Figure B. Distribution Curves (image courtesy of assetinsights.net)

In Figure B, the Positive Skewness (curve on left) has a longer tail to the right, which indicates more tendency of upside risk. The Negative Skewness (curve on right) has a longer tail to the left, which indicates more tendency of downside risk.

**How is the SKEW Index calculated?
**

SKEW is calculated from the prices of S & P 500 options using a similar type of algorithm as that which is used to calculate the VIX, which is the CBOE Volatility Index. The mathematical calculation of SKEW can be found here: SKEW Index calculation

The SKEW Index typically ranges from 100 to 150, with a historical average of approximately 115. The higher the SKEW index rating, the higher the perceived tail risk and chance of a significant move.

Below is a 3 year, weekly chart of the SKEW Index from Think or Swim

Figure C. 3 year weekly SKEW Chart

The 20 period moving average is showing a value of 138.45 in Figure C above. The current SKEW value is 144.49. Since the SKEW's historical average value is approximately 115, the current SKEW of 144.49 is higher than normal. A trader who is fearful of increasing volatility may want to be cautious.

**How can traders interpret the SKEW Index?
**

While the SKEW index itself cannot be traded, investors may use it to help determining market risk. In general, the SKEW index rises to higher levels as investors become more fearful of a major, unexpected selloff of a large magnitude – a “black swan” event.

As the slope of implied volatility rises, the SKEW Index tends to rise. This may indicate an increase in the probabilities that a major market-moving event is forthcoming. It doesn’t, however, necessarily mean it will happen.

By monitoring the SKEW as it increases over 100, traders may choose to hedge their portfolios, add to current hedges, etc. As with any technical indicator, the SKEW index should be used in conjunction with other technical analysis such as support and resistance, volume, etc.

**Is the SKEW Index related to the VIX?**

The SKEW and VIX indexes are different from each other; yet complementary in terms of measuring the risk of the returns of the S & P 500 over a 30-day period. The VIX is a fairly close representation of the standard deviation of those returns, but this sometimes is not enough to measure the true risk because over time the distribution of the S & P 500 returns exceeds one standard deviation.

The SKEW index describes the tail risk of the distribution; it is a measure of the S & P 500 returns that are greater than two or three standard deviations below (or above) the mean.

Below is a one year daily chart, showing both VIX and SKEW.

Figure D. VIX/SKEW 1 year Daily Chart

Figure D above shows the correlation of SKEW and the VIX. From late December through the middle of January the VIX was hovering around 10 (right axis). At the same time, the SKEW index was in the 120’s to 130’s (black line/left axis). During this period, SPX was continuing to move up in price, as you can see in Figure E below. A trader could interpret this to be an indication of a possible large move in price because SKEW was in the 120 to 130 range. The VIX reached a high of 50.3 on February 6th 2018; at the same time SKEW was around 133.

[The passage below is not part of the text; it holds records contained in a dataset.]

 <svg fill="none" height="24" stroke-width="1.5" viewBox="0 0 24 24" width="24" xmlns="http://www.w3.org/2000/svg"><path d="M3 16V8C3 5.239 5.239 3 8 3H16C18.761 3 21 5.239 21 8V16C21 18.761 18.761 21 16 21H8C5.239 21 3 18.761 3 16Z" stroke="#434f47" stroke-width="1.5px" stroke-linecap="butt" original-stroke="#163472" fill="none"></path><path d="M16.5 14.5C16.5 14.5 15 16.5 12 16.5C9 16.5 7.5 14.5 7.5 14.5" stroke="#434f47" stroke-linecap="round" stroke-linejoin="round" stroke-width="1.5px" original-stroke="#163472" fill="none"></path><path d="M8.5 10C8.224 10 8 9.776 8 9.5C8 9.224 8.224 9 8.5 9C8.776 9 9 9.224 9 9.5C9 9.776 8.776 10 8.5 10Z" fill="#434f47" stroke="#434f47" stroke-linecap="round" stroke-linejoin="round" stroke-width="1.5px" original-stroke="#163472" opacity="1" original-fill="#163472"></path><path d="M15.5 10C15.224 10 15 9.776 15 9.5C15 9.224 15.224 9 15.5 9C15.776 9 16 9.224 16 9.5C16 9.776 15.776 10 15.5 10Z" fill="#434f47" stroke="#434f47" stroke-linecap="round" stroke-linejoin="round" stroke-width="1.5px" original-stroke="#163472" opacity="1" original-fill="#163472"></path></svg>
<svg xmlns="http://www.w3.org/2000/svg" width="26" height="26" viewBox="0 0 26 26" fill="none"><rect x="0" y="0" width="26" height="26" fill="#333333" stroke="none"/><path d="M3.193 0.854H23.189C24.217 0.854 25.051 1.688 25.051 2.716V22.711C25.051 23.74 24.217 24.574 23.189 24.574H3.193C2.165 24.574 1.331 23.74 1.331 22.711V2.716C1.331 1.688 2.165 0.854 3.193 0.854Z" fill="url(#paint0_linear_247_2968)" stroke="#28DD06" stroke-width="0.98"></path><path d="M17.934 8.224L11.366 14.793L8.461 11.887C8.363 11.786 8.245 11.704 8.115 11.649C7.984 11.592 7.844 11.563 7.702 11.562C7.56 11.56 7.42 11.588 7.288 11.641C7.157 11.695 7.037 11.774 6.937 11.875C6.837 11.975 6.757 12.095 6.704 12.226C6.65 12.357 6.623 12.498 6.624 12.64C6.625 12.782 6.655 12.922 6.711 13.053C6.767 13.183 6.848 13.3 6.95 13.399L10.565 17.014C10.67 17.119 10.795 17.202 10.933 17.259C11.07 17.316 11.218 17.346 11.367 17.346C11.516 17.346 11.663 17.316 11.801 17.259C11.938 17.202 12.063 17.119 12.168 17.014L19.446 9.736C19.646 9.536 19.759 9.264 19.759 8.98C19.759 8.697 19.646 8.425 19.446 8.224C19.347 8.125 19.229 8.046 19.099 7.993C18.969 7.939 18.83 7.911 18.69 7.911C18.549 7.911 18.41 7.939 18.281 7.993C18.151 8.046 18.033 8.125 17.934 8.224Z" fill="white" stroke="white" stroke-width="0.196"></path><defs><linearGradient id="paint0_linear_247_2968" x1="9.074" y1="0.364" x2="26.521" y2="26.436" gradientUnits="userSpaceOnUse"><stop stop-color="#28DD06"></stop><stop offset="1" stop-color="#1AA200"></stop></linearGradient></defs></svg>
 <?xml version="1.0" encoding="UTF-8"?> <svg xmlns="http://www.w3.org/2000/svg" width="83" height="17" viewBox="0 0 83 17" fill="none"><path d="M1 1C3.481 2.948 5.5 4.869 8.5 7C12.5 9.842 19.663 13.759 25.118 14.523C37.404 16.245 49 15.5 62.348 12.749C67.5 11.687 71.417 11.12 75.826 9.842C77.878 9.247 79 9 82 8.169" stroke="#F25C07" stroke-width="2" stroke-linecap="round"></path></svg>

As with any indicator, signals can be tricky. As an example, please take note of the low price of SKEW (117.99) on January 26, 2018. At the same time the VIX was trading around 10. The SKEW had moved down to 117.99 from its’ previous higher levels, indicating less of a risk of a major market move. This occurred just before the price of SPX started to decline dramatically. A trader may interpret this as a mixed signal.

Figure E. SPX 1 Year Daily Chart

Here’s a good video to watch by Alessio Rastani, which shows other scenarios of the SPX/VIX/SKEW correlation, to forecast a potential large move in the market.

Go to…How to Predict a Fall in the Stock Market

**In summary …
**

A trader cannot use the SKEW Index itself as an instrument to place a trade. What it can do for traders is to measure current market risk. The SKEW index for the most part ranges from 100 to 150. The SKEW Index usually rises in market uncertainty.

The SKEW Index is one more tool for traders to have available to them to make a more informed decision on their positions and portfolio.

Any one indicator you as a trader choose to incorporate into your technical analysis is not going to make you money unless you use it consistently, and this holds true for the SKEW index.

Following the SKEW index along with its relationship to the VIX, as well as price action, may give traders an insight on overall market risk.

If you have found that monitoring the SKEW index has been helpful in your trading and would like to share, feel free to comment below.

Are you looking for a mentoring program, educational alert service, or a group of like-minded traders to share both positive and negative trade experiences? Look no more, join today!

You will find a wide variety of educational services in addition to the trading groups that meet on a regular basis to exchange their trades and ideas.

]]>Bollinger Bands are a technical indicator created by renowned technical trader John Bollinger in the early 1980's. There are numerous publications, as well as John's website www.bollingerbands.com, that go into great detail on this popular tool used by many traders. This article will touch on the basic parameters of Bollinger Bands and how they may be used in options trading.

Bollinger Bands are considered to be a volatility indicator, similar to the Keltner channel indicator. Their purpose is to provide traders a relative definition of highs and lows. This means that prices are high at the upper band, and low at the lower band. Bollinger Bands can help recognize price patterns, and can be useful to traders of all levels in their trade entry, management and exit strategies.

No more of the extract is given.